We can more formally evaluate our model by calculating numerical ratings predictions for the movies a user has not seen. We do this by splitting the data into train and test sets, re-running the correlation matrix on the training data, using the correlation matrix to calculate predicted ratings, and evaluating the predictions on the test data.
### Create test and train indexes
pct_test <- 0.2
n_test <- round( pct_test * sum(!is.na(ui_mat)), 0)
na_ind <- which(is.na(ui_mat))
test_ind <- sample((1:length(ui_mat))[-na_ind], n_test, replace = F)
train_ind <- (1:length(ui_mat))[-c(na_ind, test_ind)]
### Break matrix into test and train
train_mat <- ui_mat
train_mat[test_ind] <- NA
test_mat <- ui_mat
test_mat[train_ind] <- NA
### Create correlation matrix from training data
corr_obj_train <- suppressWarnings(corr.test(train_mat, ci=F))
cor_mat_train <- corr_obj_train$r
cor_mat_train[which(corr_obj_train$n < min_n)] <- NA
### For each user...
### Hadamard multiply empirical ratings by correlation matrix (re-centered and squared).
### Then remove empirical ratings and take column averages to get predicted ratings for each item.
### Finally, transform the predicted ratings distribution to more closely resemble empirical shape.
prediction_mat <- matrix(NA, nrow = nrow(train_mat), ncol = ncol(train_mat))
for (i in 1:nrow(train_mat)){
user_pred_mat <- train_mat[i, ] * (cor_mat_train - min(cor_mat_train, na.rm=T))^2
diag(user_pred_mat) <- NA
user_pred_vec <- colMeans(user_pred_mat, na.rm=T)
user_pred_vec_trans <- user_pred_vec + (median(train_mat[i, ], na.rm=T) - median(user_pred_vec, na.rm=T))
user_pred_vec_trans <- pmin(user_pred_vec_trans, 5)
prediction_mat[i, ] <- user_pred_vec_trans
}
### Calculate RMSE on Test data and compare to RMSE of simply predicting the global average every time
prediction_mat_chance <- matrix(mean(train_mat, na.rm=T), nrow = nrow(train_mat), ncol = ncol(train_mat))
prediction_mat_chance[which(is.na(prediction_mat))] <- NA
rmse <- function(predicted, observed, rmna=FALSE){
sqrt(mean((predicted - observed)^2, na.rm=rmna))
}
rmse(prediction_mat, test_mat, rmna=T)
## [1] 1.154043
rmse(prediction_mat_chance, test_mat, rmna=T)
## [1] 1.098416
Our prediction model does not fare much differently than just guessing the average (~3.5) every time, so clearly it needs refinement.
We created simple versions of a Content Based Recommender and a Collaborative Filtering Recommender.

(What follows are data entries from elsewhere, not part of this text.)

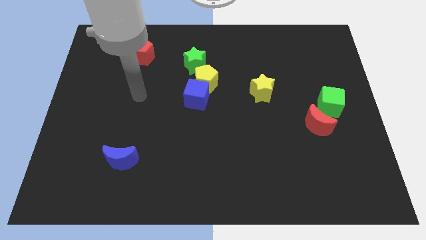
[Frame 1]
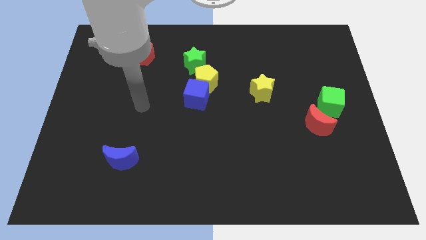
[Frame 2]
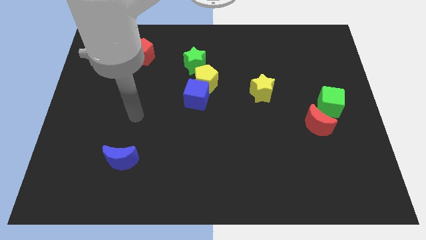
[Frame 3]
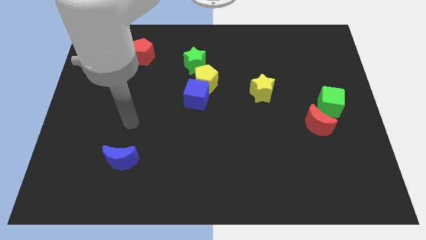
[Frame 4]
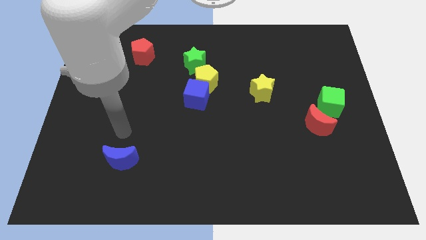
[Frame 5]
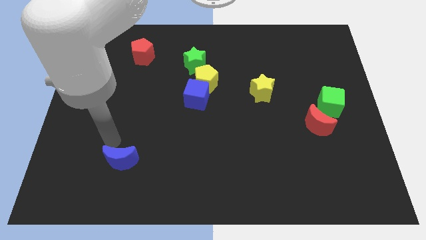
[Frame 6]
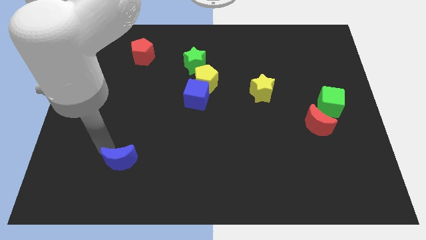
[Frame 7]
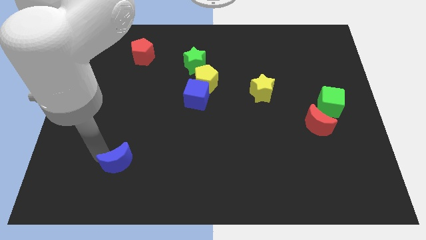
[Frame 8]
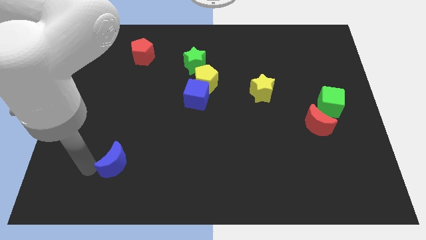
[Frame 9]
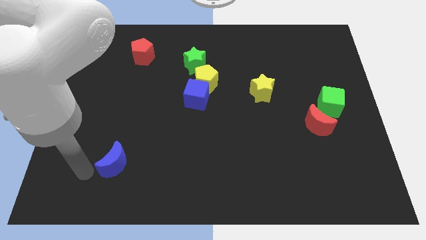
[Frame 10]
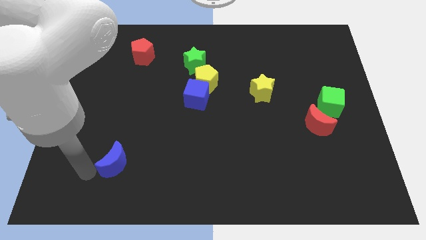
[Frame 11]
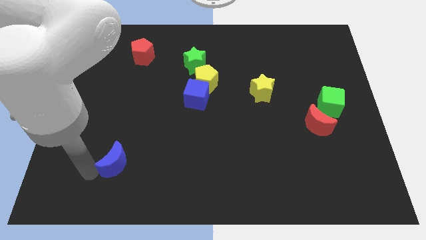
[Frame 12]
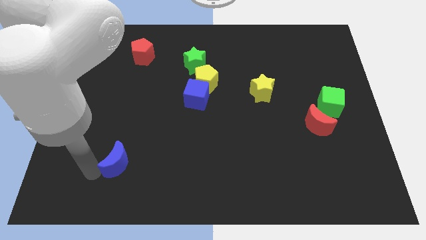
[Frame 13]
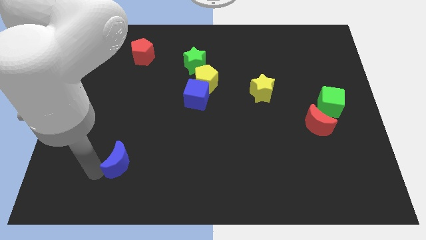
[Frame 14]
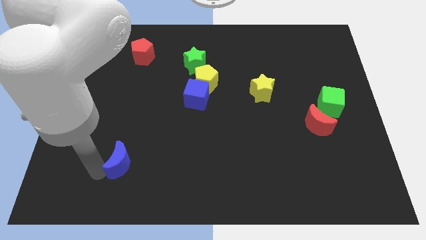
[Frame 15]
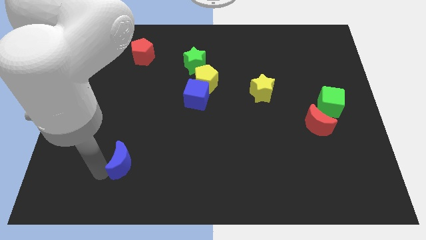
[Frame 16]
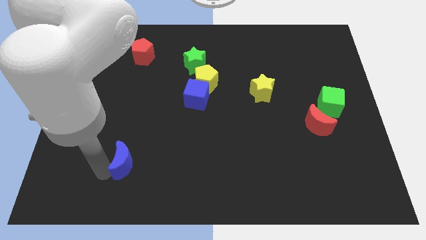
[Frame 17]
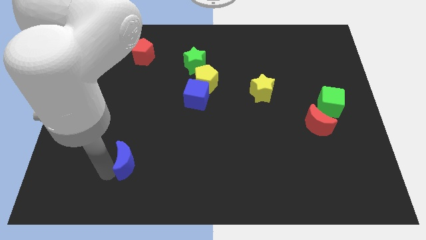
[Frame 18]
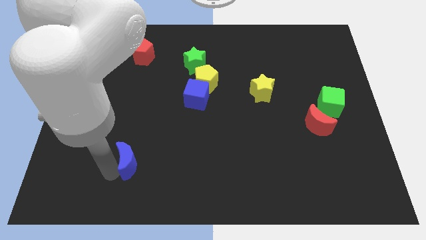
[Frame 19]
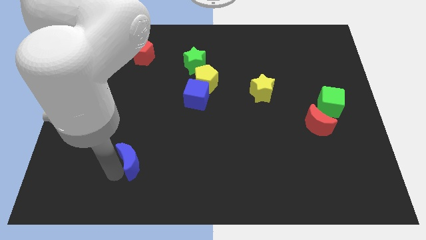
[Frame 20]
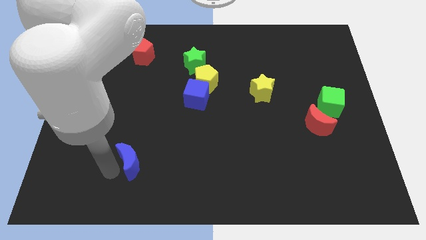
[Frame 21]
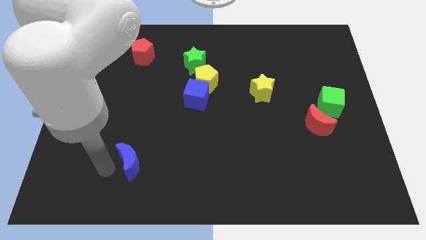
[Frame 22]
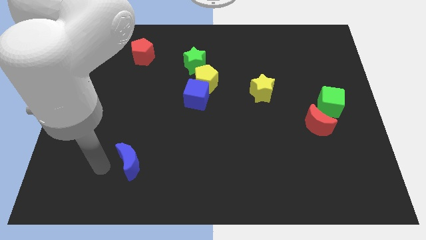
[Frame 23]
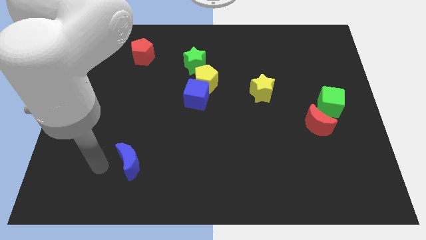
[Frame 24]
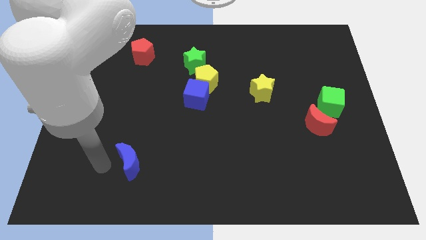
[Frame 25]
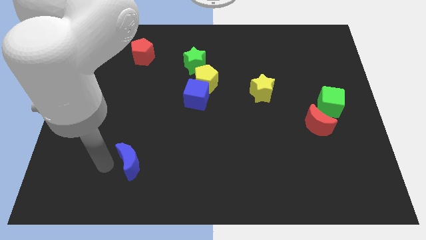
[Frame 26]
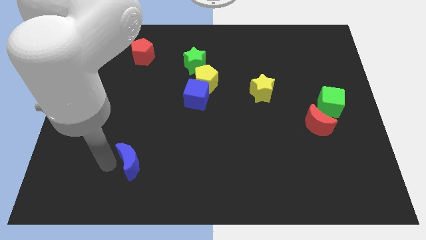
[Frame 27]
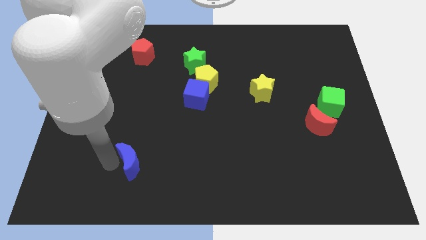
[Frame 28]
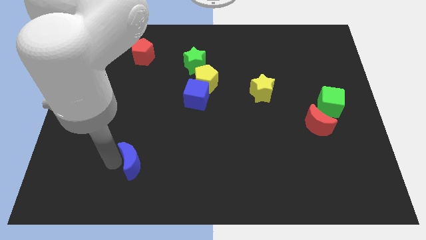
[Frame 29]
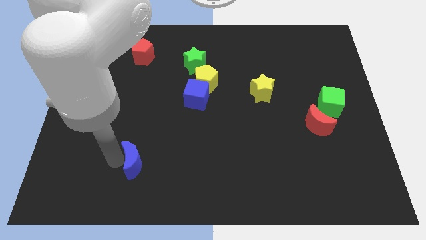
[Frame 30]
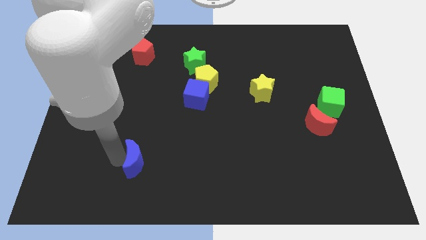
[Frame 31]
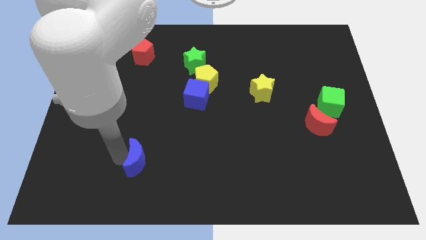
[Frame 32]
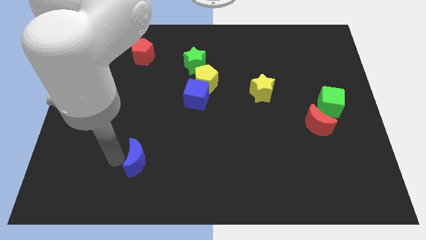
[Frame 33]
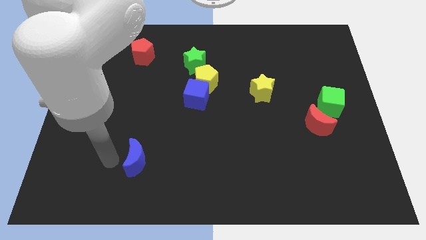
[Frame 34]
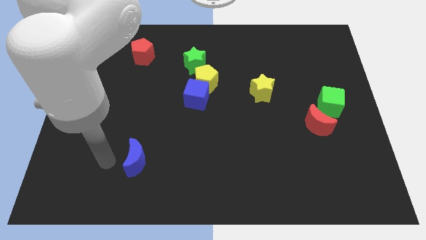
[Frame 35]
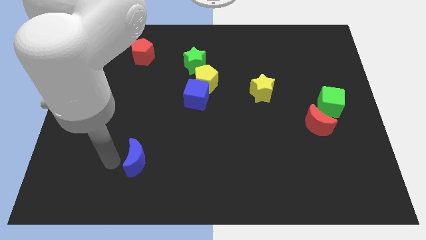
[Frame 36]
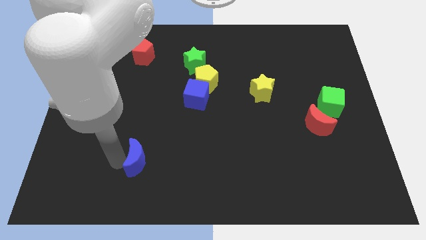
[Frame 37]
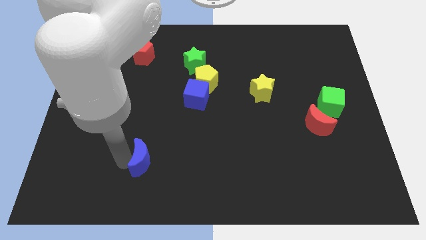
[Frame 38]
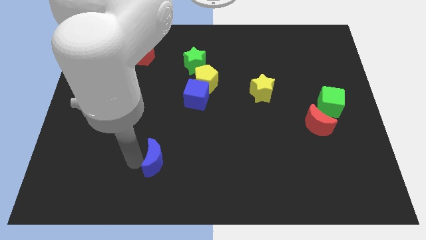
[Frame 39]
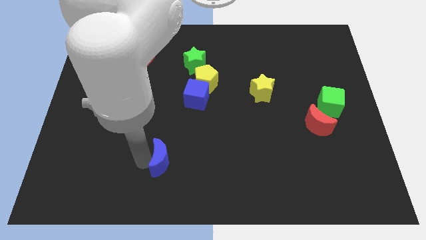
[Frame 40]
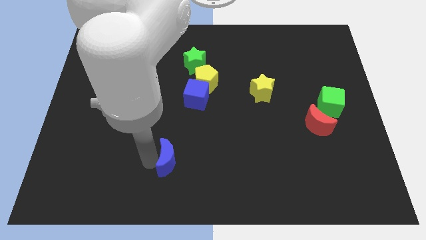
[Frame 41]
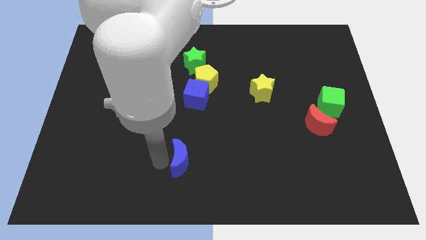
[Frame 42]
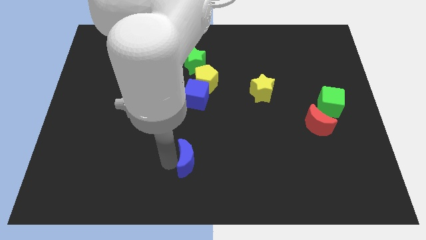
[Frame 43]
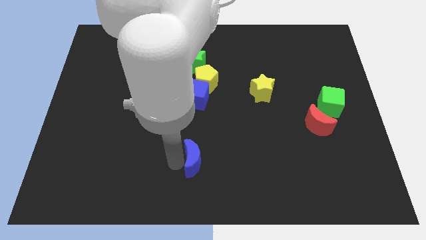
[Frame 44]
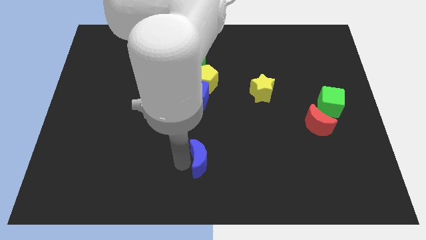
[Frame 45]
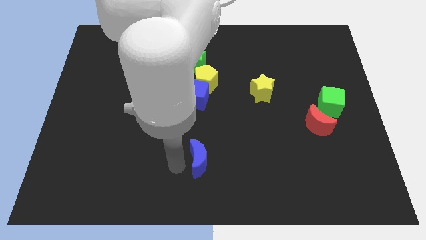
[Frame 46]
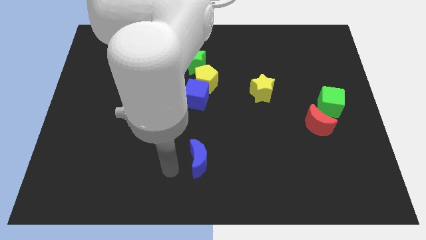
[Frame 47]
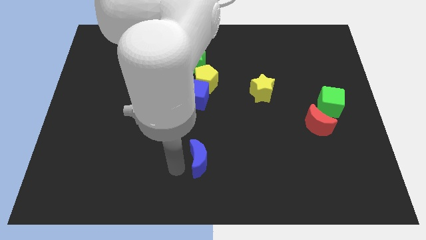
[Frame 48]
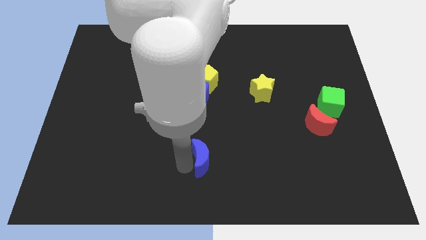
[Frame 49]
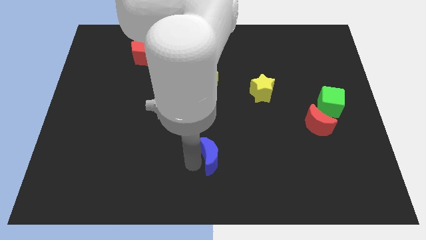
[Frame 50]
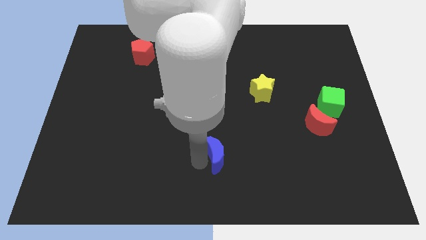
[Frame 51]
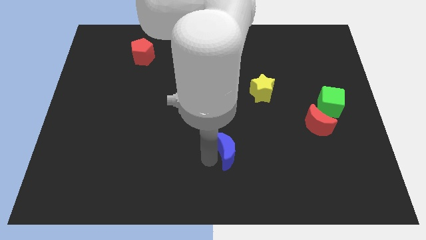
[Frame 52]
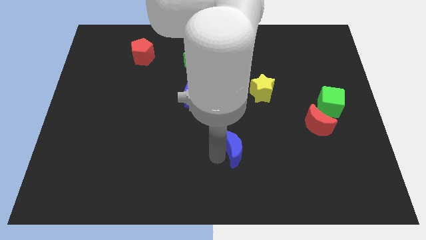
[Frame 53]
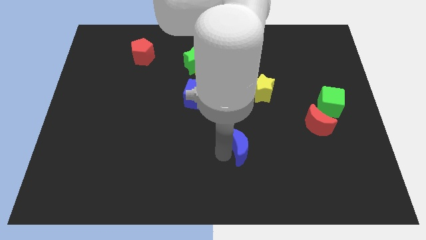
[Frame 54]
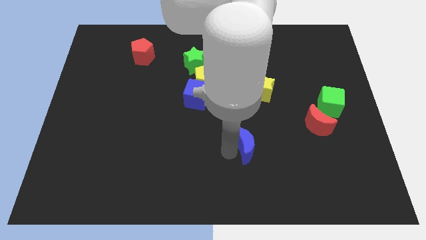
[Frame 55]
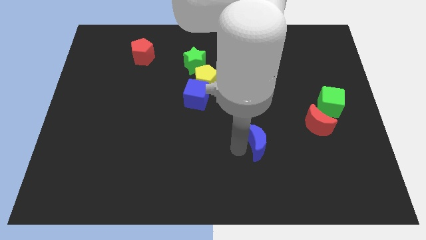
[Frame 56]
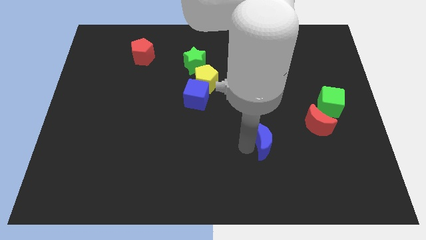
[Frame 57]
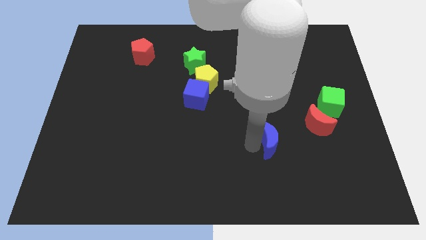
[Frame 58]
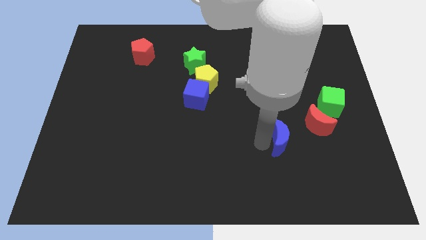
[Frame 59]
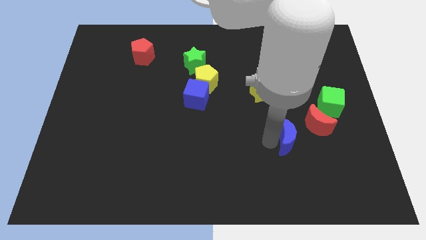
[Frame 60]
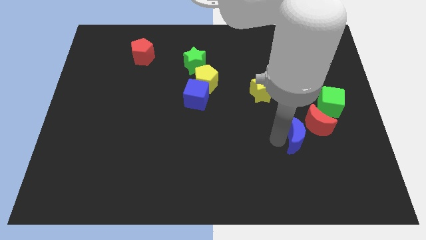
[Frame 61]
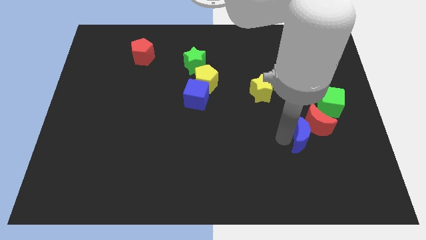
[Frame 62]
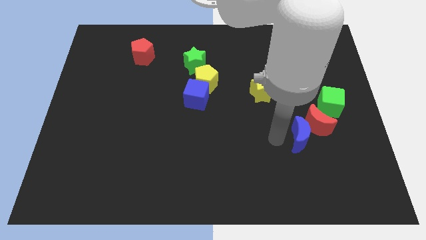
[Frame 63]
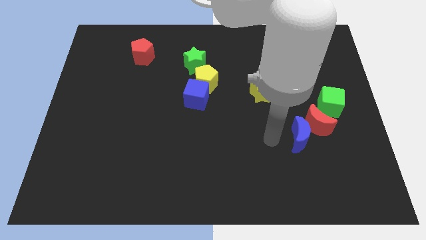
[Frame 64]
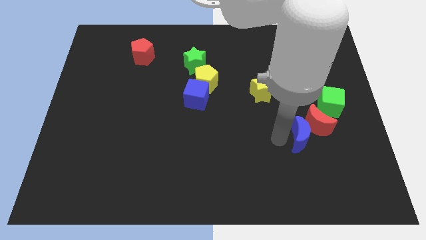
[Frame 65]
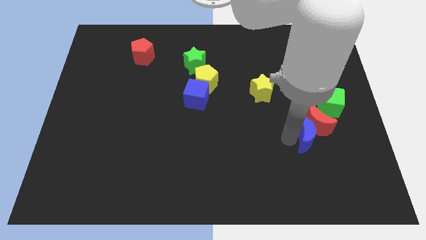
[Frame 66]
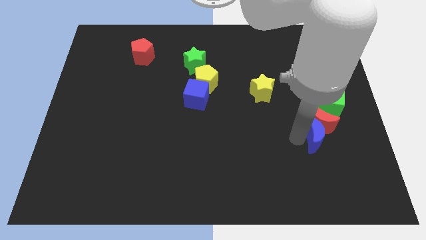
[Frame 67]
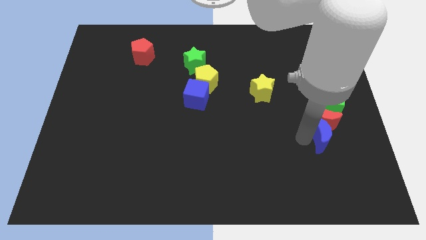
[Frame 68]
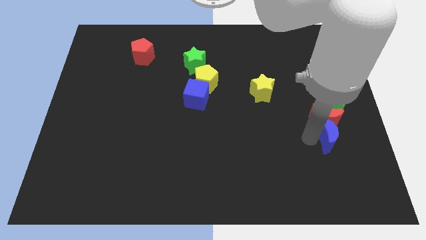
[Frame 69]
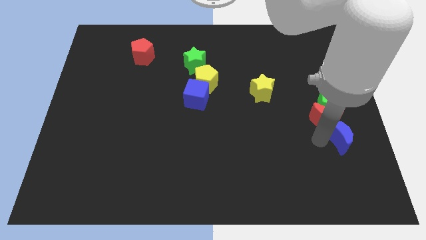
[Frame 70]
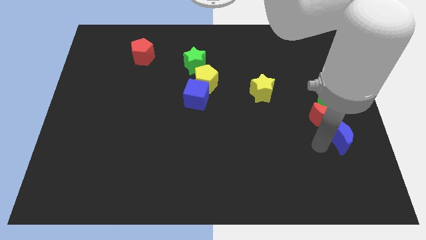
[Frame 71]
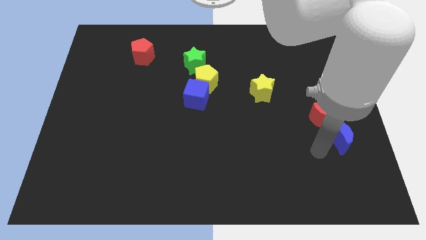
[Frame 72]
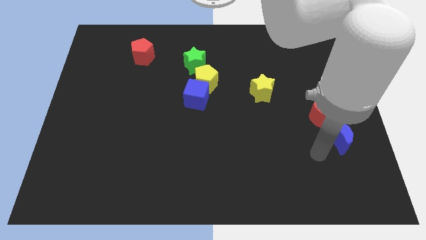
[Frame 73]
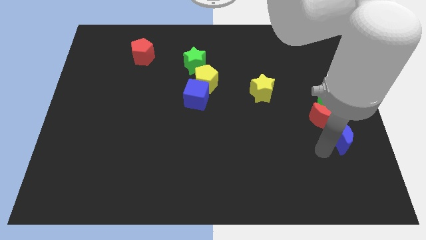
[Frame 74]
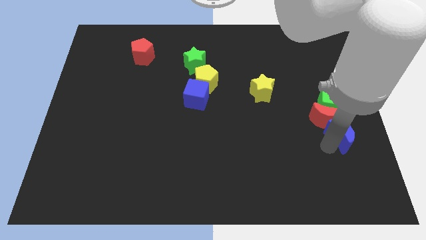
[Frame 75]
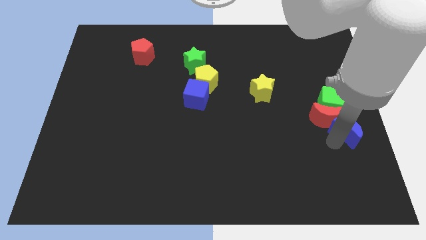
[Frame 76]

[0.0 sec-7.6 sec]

The benefits of the former are that one does not need other users’ information in order to make a recommendation. The downsides are that the features (“movie genres”, in this example) need to be well determined and tagged in advance. The benefits of the latter are that our model is not determined by how well we feature engineer. The downsides are that we need all other users’ data, so we suffer from a “cold start” problem where we cannot start using the model until we have a reasonably large amount of data.
Our ratings prediction model built with the User-Item Matrix and Item Correlation Matrix did not fare much differently than a rudimentary model of guessing the global average every time.